[[ RECORDS SHOWN, beginning ]]
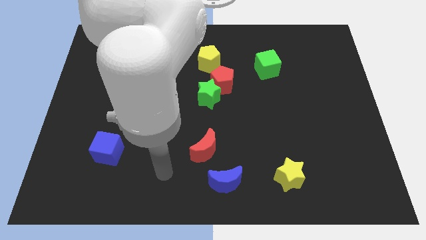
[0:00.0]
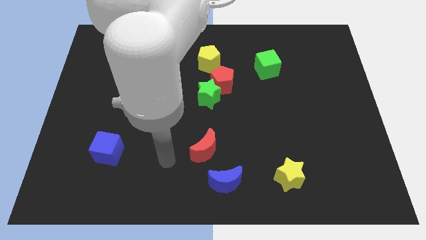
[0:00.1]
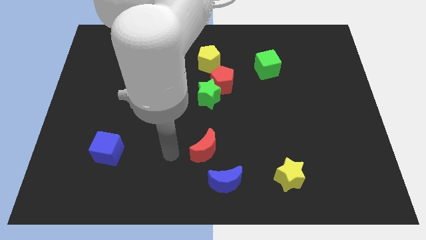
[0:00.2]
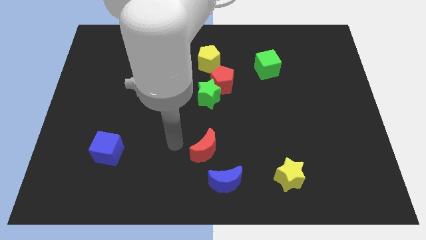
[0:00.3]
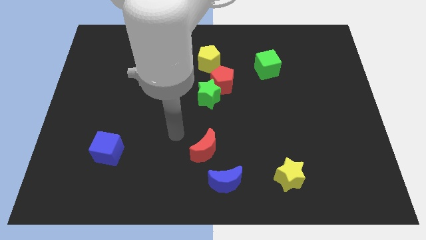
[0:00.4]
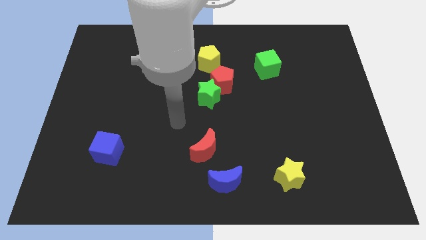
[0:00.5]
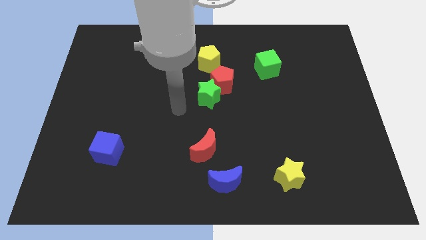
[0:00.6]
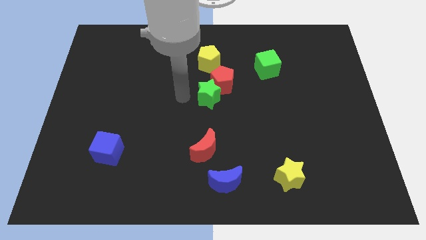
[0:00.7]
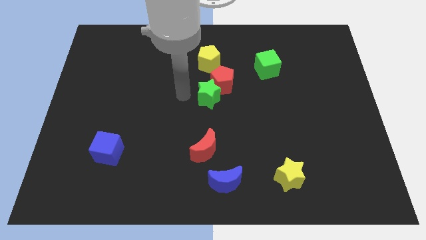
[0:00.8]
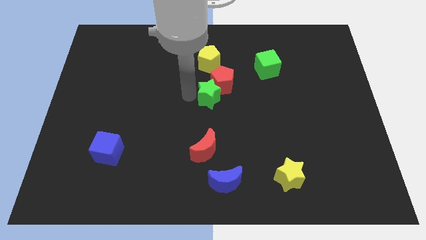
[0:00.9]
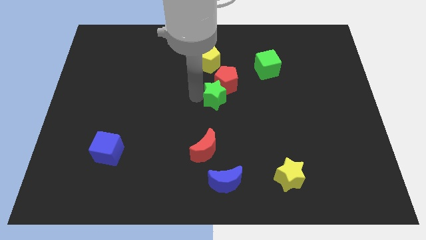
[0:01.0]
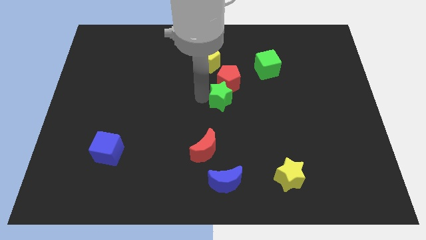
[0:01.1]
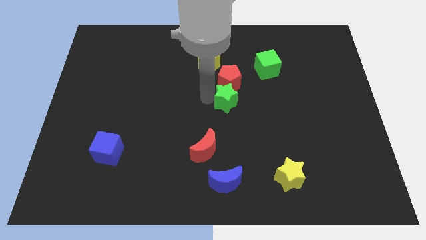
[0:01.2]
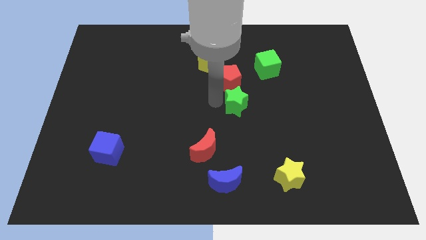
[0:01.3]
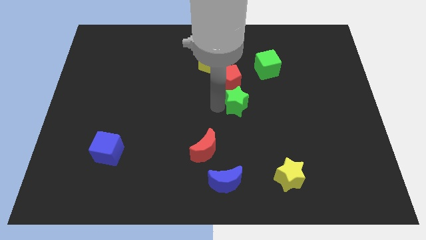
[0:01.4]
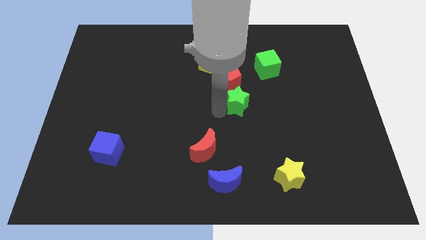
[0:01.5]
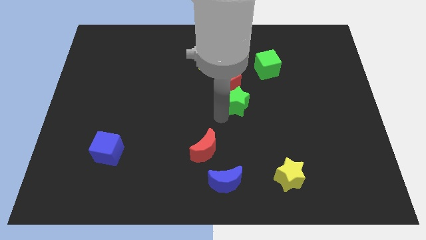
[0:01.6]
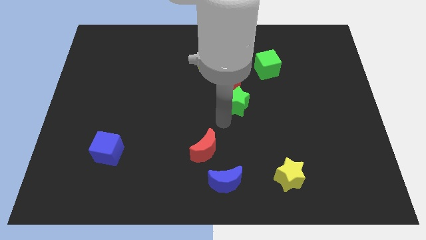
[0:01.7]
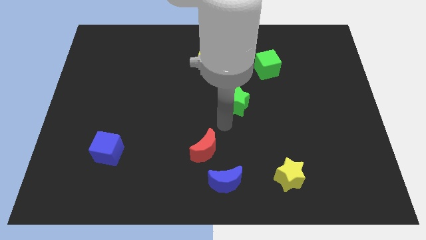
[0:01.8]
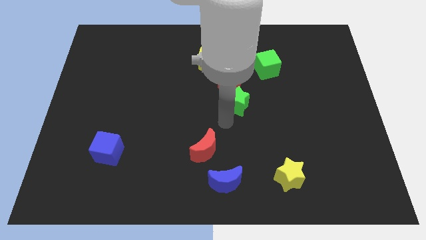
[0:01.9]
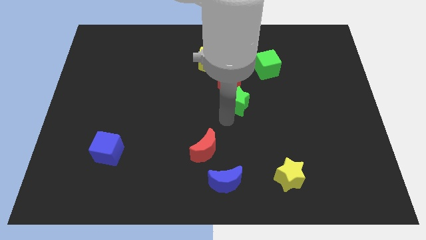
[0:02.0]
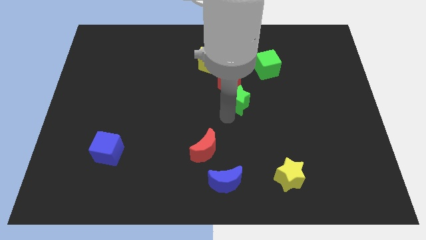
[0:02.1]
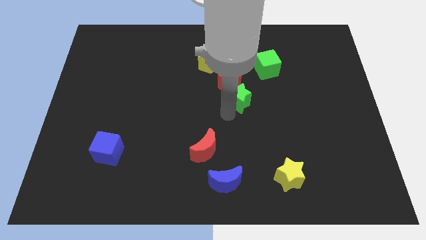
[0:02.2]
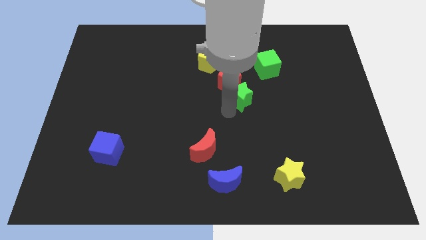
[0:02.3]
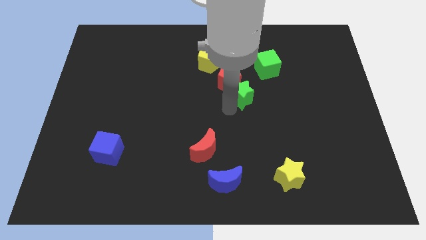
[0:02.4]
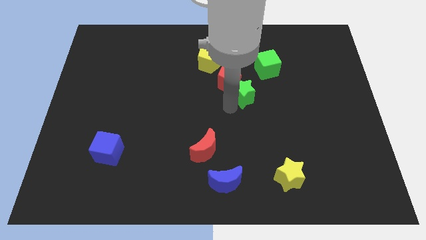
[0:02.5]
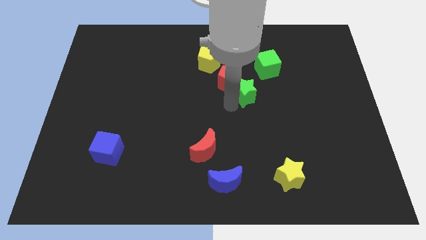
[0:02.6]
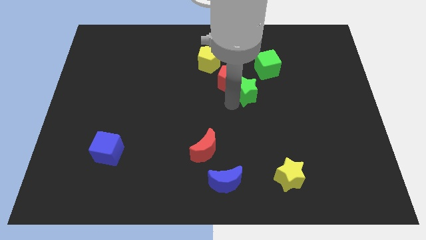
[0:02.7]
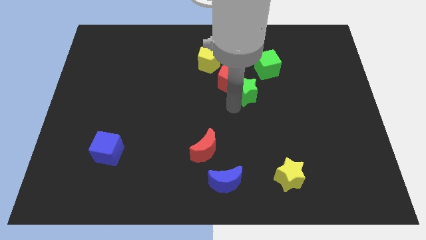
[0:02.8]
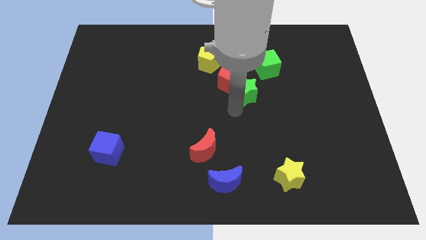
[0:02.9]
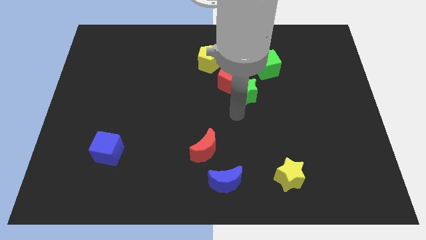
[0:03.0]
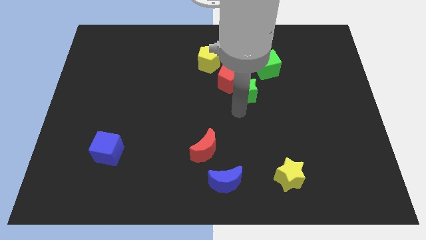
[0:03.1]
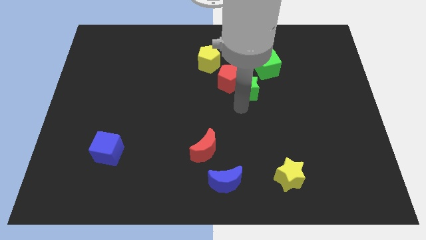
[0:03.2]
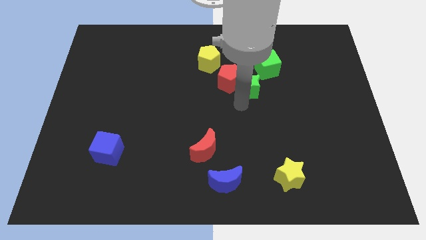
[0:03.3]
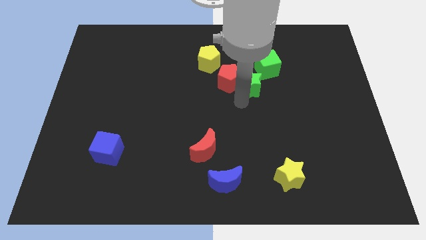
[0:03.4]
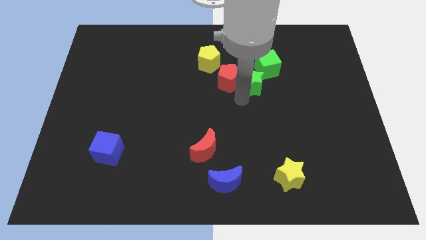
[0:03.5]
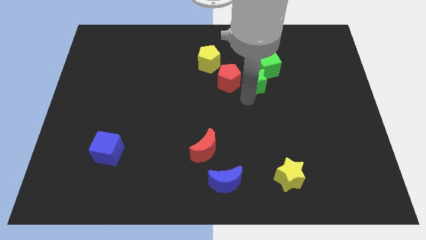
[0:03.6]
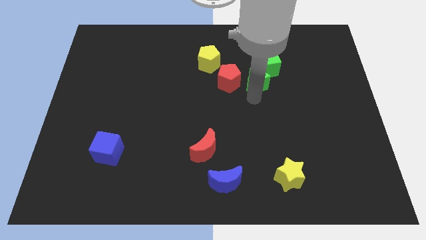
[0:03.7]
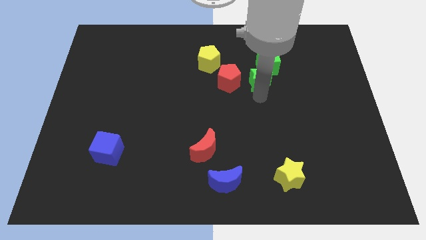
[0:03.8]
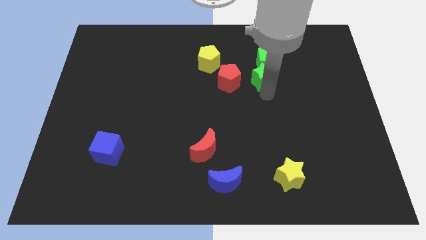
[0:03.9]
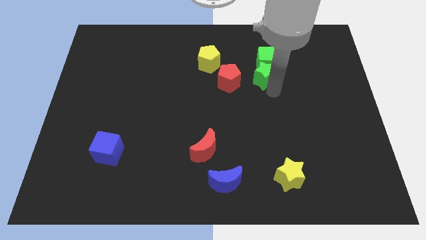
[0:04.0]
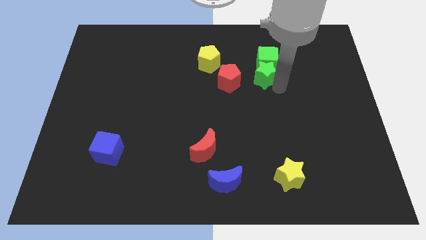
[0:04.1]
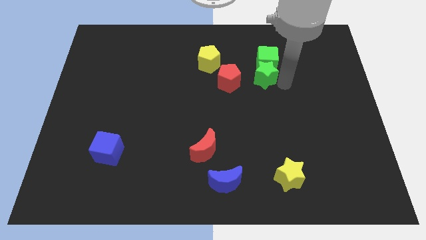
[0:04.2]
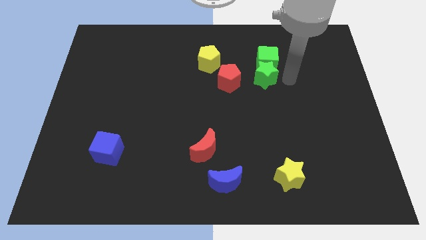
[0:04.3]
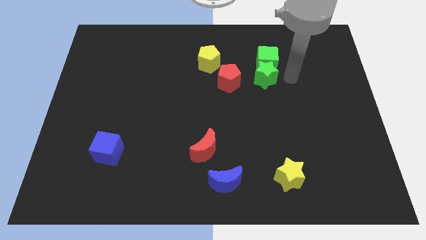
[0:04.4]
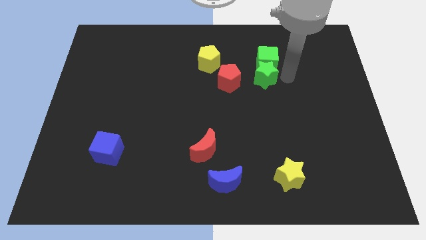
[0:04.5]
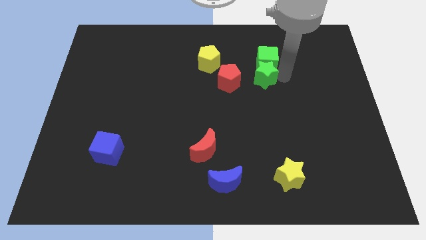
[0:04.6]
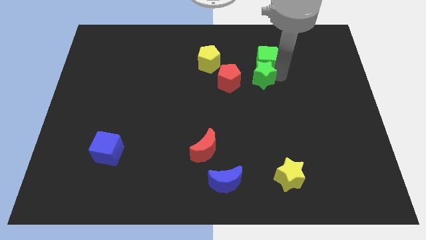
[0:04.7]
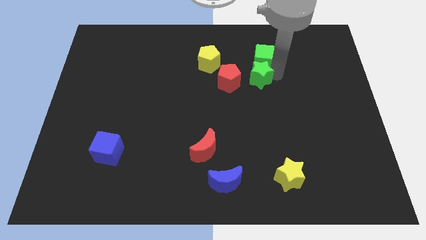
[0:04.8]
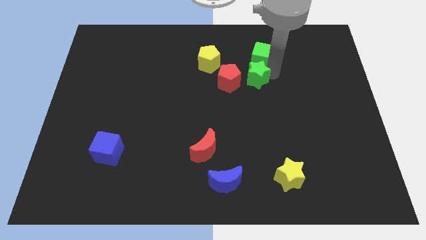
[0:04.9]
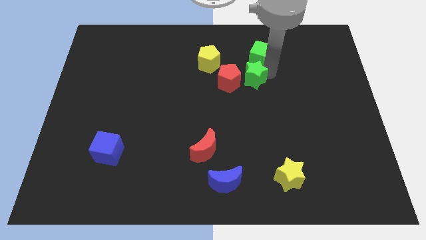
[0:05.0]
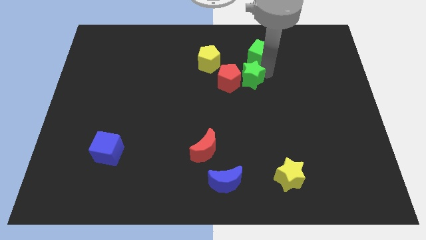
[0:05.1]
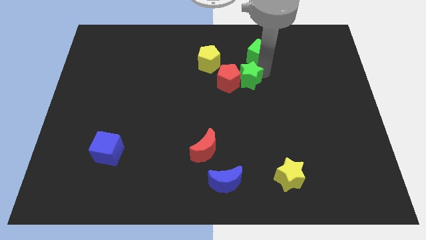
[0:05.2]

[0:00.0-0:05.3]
[[ RECORDS SHOWN, end ]]
TASK DIRECTIONS: All of the material above should be reproduced exactly, except the pictures.

WRITTEN SOLUTION:
[0:00.0]
[0:00.1]
[0:00.2]
[0:00.3]
[0:00.4]
[0:00.5]
[0:00.6]
[0:00.7]
[0:00.8]
[0:00.9]
[0:01.0]
[0:01.1]
[0:01.2]
[0:01.3]
[0:01.4]
[0:01.5]
[0:01.6]
[0:01.7]
[0:01.8]
[0:01.9]
[0:02.0]
[0:02.1]
[0:02.2]
[0:02.3]
[0:02.4]
[0:02.5]
[0:02.6]
[0:02.7]
[0:02.8]
[0:02.9]
[0:03.0]
[0:03.1]
[0:03.2]
[0:03.3]
[0:03.4]
[0:03.5]
[0:03.6]
[0:03.7]
[0:03.8]
[0:03.9]
[0:04.0]
[0:04.1]
[0:04.2]
[0:04.3]
[0:04.4]
[0:04.5]
[0:04.6]
[0:04.7]
[0:04.8]
[0:04.9]
[0:05.0]
[0:05.1]
[0:05.2]

[0:00.0-0:05.3]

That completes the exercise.